(Collected data)
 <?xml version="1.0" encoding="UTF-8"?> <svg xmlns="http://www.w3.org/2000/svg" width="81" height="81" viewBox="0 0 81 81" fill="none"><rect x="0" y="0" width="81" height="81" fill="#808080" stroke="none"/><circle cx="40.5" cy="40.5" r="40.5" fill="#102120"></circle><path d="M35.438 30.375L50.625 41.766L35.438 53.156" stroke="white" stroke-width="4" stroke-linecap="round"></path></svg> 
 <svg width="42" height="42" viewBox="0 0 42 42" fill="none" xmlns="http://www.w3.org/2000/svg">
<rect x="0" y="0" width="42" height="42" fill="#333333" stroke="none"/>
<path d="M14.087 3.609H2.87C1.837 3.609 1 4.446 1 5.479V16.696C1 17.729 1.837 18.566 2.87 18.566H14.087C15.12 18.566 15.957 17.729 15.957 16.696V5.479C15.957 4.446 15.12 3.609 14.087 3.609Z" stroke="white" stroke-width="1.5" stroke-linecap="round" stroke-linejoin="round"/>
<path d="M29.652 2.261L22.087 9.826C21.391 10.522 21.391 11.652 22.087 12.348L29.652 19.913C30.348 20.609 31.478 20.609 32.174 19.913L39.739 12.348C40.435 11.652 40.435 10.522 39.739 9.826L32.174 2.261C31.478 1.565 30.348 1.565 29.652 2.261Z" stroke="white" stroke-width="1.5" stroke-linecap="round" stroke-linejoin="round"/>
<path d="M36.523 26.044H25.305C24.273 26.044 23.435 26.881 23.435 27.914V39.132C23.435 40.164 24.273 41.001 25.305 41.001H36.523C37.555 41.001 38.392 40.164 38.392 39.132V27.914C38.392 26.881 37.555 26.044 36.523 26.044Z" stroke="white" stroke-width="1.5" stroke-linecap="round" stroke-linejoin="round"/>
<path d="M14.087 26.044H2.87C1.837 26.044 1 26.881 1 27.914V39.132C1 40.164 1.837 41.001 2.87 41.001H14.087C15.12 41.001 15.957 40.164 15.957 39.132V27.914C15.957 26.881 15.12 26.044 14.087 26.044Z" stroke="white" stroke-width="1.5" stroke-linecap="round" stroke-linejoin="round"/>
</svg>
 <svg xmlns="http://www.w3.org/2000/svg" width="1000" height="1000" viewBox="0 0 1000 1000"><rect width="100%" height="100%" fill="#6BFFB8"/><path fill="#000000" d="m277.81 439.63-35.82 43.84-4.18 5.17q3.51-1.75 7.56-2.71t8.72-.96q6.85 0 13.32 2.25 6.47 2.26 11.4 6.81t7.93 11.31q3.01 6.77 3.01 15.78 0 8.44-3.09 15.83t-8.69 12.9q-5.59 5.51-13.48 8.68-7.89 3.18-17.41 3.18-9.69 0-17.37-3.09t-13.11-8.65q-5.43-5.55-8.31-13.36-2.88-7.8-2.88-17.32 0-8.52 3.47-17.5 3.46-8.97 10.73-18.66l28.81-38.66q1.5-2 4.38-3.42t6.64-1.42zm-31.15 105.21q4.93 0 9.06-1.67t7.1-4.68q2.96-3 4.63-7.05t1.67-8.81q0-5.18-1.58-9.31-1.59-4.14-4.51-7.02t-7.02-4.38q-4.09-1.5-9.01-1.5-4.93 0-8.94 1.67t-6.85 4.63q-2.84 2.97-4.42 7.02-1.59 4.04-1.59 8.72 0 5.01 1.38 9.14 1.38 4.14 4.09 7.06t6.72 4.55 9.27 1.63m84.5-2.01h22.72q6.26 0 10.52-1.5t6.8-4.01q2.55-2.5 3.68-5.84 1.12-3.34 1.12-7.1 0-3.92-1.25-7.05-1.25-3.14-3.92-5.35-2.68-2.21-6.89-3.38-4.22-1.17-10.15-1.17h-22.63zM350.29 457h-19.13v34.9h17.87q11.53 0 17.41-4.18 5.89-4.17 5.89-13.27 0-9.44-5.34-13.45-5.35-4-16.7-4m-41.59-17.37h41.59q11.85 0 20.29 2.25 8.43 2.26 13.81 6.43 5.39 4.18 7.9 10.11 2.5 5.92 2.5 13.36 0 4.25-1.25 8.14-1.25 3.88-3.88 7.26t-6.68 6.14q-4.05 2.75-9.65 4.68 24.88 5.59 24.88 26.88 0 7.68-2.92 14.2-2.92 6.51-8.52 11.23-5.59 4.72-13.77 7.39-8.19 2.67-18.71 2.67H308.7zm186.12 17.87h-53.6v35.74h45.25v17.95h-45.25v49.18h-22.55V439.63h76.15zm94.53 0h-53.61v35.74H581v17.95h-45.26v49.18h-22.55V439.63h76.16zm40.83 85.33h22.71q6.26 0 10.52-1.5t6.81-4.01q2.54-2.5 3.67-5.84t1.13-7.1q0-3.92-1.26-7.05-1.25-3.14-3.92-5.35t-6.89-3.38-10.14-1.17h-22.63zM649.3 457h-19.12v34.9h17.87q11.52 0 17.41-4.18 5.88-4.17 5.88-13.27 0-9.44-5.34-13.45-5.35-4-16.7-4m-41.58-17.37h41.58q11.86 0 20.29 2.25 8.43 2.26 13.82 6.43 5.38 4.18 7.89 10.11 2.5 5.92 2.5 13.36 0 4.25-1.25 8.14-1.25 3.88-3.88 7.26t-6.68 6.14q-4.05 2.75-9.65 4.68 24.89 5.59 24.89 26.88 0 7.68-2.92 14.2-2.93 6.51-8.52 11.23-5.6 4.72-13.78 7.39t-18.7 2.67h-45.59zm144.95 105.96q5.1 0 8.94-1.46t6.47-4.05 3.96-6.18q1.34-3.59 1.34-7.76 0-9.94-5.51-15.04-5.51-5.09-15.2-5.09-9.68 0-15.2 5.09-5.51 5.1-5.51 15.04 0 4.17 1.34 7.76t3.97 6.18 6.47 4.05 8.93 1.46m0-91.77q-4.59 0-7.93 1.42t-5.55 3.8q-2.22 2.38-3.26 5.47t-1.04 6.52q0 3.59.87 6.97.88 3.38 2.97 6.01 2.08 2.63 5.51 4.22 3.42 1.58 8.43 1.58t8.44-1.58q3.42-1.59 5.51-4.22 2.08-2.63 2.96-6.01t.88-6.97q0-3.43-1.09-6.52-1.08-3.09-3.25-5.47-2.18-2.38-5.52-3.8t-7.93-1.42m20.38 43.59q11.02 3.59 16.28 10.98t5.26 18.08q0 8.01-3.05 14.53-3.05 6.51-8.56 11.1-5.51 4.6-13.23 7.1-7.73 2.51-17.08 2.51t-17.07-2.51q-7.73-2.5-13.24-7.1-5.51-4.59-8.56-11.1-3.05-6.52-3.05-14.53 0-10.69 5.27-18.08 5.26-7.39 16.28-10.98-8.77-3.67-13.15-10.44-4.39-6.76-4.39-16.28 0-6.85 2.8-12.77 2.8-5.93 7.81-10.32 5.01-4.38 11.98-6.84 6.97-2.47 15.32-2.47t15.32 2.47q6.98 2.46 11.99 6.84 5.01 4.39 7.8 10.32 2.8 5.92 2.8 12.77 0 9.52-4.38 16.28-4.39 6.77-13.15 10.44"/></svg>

- Exercise requirements
What is needed is an exact, complete copy of the entries above.

- Result of this exercise
 <?xml version="1.0" encoding="UTF-8"?> <svg xmlns="http://www.w3.org/2000/svg" width="81" height="81" viewBox="0 0 81 81" fill="none"><rect x="0" y="0" width="81" height="81" fill="#808080" stroke="none"/><circle cx="40.5" cy="40.5" r="40.5" fill="#102120"></circle><path d="M35.438 30.375L50.625 41.766L35.438 53.156" stroke="white" stroke-width="4" stroke-linecap="round"></path></svg> 
 <svg width="42" height="42" viewBox="0 0 42 42" fill="none" xmlns="http://www.w3.org/2000/svg">
<rect x="0" y="0" width="42" height="42" fill="#333333" stroke="none"/>
<path d="M14.087 3.609H2.87C1.837 3.609 1 4.446 1 5.479V16.696C1 17.729 1.837 18.566 2.87 18.566H14.087C15.12 18.566 15.957 17.729 15.957 16.696V5.479C15.957 4.446 15.12 3.609 14.087 3.609Z" stroke="white" stroke-width="1.5" stroke-linecap="round" stroke-linejoin="round"/>
<path d="M29.652 2.261L22.087 9.826C21.391 10.522 21.391 11.652 22.087 12.348L29.652 19.913C30.348 20.609 31.478 20.609 32.174 19.913L39.739 12.348C40.435 11.652 40.435 10.522 39.739 9.826L32.174 2.261C31.478 1.565 30.348 1.565 29.652 2.261Z" stroke="white" stroke-width="1.5" stroke-linecap="round" stroke-linejoin="round"/>
<path d="M36.523 26.044H25.305C24.273 26.044 23.435 26.881 23.435 27.914V39.132C23.435 40.164 24.273 41.001 25.305 41.001H36.523C37.555 41.001 38.392 40.164 38.392 39.132V27.914C38.392 26.881 37.555 26.044 36.523 26.044Z" stroke="white" stroke-width="1.5" stroke-linecap="round" stroke-linejoin="round"/>
<path d="M14.087 26.044H2.87C1.837 26.044 1 26.881 1 27.914V39.132C1 40.164 1.837 41.001 2.87 41.001H14.087C15.12 41.001 15.957 40.164 15.957 39.132V27.914C15.957 26.881 15.12 26.044 14.087 26.044Z" stroke="white" stroke-width="1.5" stroke-linecap="round" stroke-linejoin="round"/>
</svg>
 <svg xmlns="http://www.w3.org/2000/svg" width="1000" height="1000" viewBox="0 0 1000 1000"><rect width="100%" height="100%" fill="#6BFFB8"/><path fill="#000000" d="m277.81 439.63-35.82 43.84-4.18 5.17q3.51-1.75 7.56-2.71t8.72-.96q6.85 0 13.32 2.25 6.47 2.26 11.4 6.81t7.93 11.31q3.01 6.77 3.01 15.78 0 8.44-3.09 15.83t-8.69 12.9q-5.59 5.51-13.48 8.68-7.89 3.18-17.41 3.18-9.69 0-17.37-3.09t-13.11-8.65q-5.43-5.55-8.31-13.36-2.88-7.8-2.88-17.32 0-8.52 3.47-17.5 3.46-8.97 10.73-18.66l28.81-38.66q1.5-2 4.38-3.42t6.64-1.42zm-31.15 105.21q4.93 0 9.06-1.67t7.1-4.68q2.96-3 4.63-7.05t1.67-8.81q0-5.18-1.58-9.31-1.59-4.14-4.51-7.02t-7.02-4.38q-4.09-1.5-9.01-1.5-4.93 0-8.94 1.67t-6.85 4.63q-2.84 2.97-4.42 7.02-1.59 4.04-1.59 8.72 0 5.01 1.38 9.14 1.38 4.14 4.09 7.06t6.72 4.55 9.27 1.63m84.5-2.01h22.72q6.26 0 10.52-1.5t6.8-4.01q2.55-2.5 3.68-5.84 1.12-3.34 1.12-7.1 0-3.92-1.25-7.05-1.25-3.14-3.92-5.35-2.68-2.21-6.89-3.38-4.22-1.17-10.15-1.17h-22.63zM350.29 457h-19.13v34.9h17.87q11.53 0 17.41-4.18 5.89-4.17 5.89-13.27 0-9.44-5.34-13.45-5.35-4-16.7-4m-41.59-17.37h41.59q11.85 0 20.29 2.25 8.43 2.26 13.81 6.43 5.39 4.18 7.9 10.11 2.5 5.92 2.5 13.36 0 4.25-1.25 8.14-1.25 3.88-3.88 7.26t-6.68 6.14q-4.05 2.75-9.65 4.68 24.88 5.59 24.88 26.88 0 7.68-2.92 14.2-2.92 6.51-8.52 11.23-5.59 4.72-13.77 7.39-8.19 2.67-18.71 2.67H308.7zm186.12 17.87h-53.6v35.74h45.25v17.95h-45.25v49.18h-22.55V439.63h76.15zm94.53 0h-53.61v35.74H581v17.95h-45.26v49.18h-22.55V439.63h76.16zm40.83 85.33h22.71q6.26 0 10.52-1.5t6.81-4.01q2.54-2.5 3.67-5.84t1.13-7.1q0-3.92-1.26-7.05-1.25-3.14-3.92-5.35t-6.89-3.38-10.14-1.17h-22.63zM649.3 457h-19.12v34.9h17.87q11.52 0 17.41-4.18 5.88-4.17 5.88-13.27 0-9.44-5.34-13.45-5.35-4-16.7-4m-41.58-17.37h41.58q11.86 0 20.29 2.25 8.43 2.26 13.82 6.43 5.38 4.18 7.89 10.11 2.5 5.92 2.5 13.36 0 4.25-1.25 8.14-1.25 3.88-3.88 7.26t-6.68 6.14q-4.05 2.75-9.65 4.68 24.89 5.59 24.89 26.88 0 7.68-2.92 14.2-2.93 6.51-8.52 11.23-5.6 4.72-13.78 7.39t-18.7 2.67h-45.59zm144.95 105.96q5.1 0 8.94-1.46t6.47-4.05 3.96-6.18q1.34-3.59 1.34-7.76 0-9.94-5.51-15.04-5.51-5.09-15.2-5.09-9.68 0-15.2 5.09-5.51 5.1-5.51 15.04 0 4.17 1.34 7.76t3.97 6.18 6.47 4.05 8.93 1.46m0-91.77q-4.59 0-7.93 1.42t-5.55 3.8q-2.22 2.38-3.26 5.47t-1.04 6.52q0 3.59.87 6.97.88 3.38 2.97 6.01 2.08 2.63 5.51 4.22 3.42 1.58 8.43 1.58t8.44-1.58q3.42-1.59 5.51-4.22 2.08-2.63 2.96-6.01t.88-6.97q0-3.43-1.09-6.52-1.08-3.09-3.25-5.47-2.18-2.38-5.52-3.8t-7.93-1.42m20.38 43.59q11.02 3.59 16.28 10.98t5.26 18.08q0 8.01-3.05 14.53-3.05 6.51-8.56 11.1-5.51 4.6-13.23 7.1-7.73 2.51-17.08 2.51t-17.07-2.51q-7.73-2.5-13.24-7.1-5.51-4.59-8.56-11.1-3.05-6.52-3.05-14.53 0-10.69 5.27-18.08 5.26-7.39 16.28-10.98-8.77-3.67-13.15-10.44-4.39-6.76-4.39-16.28 0-6.85 2.8-12.77 2.8-5.93 7.81-10.32 5.01-4.38 11.98-6.84 6.97-2.47 15.32-2.47t15.32 2.47q6.98 2.46 11.99 6.84 5.01 4.39 7.8 10.32 2.8 5.92 2.8 12.77 0 9.52-4.38 16.28-4.39 6.77-13.15 10.44"/></svg>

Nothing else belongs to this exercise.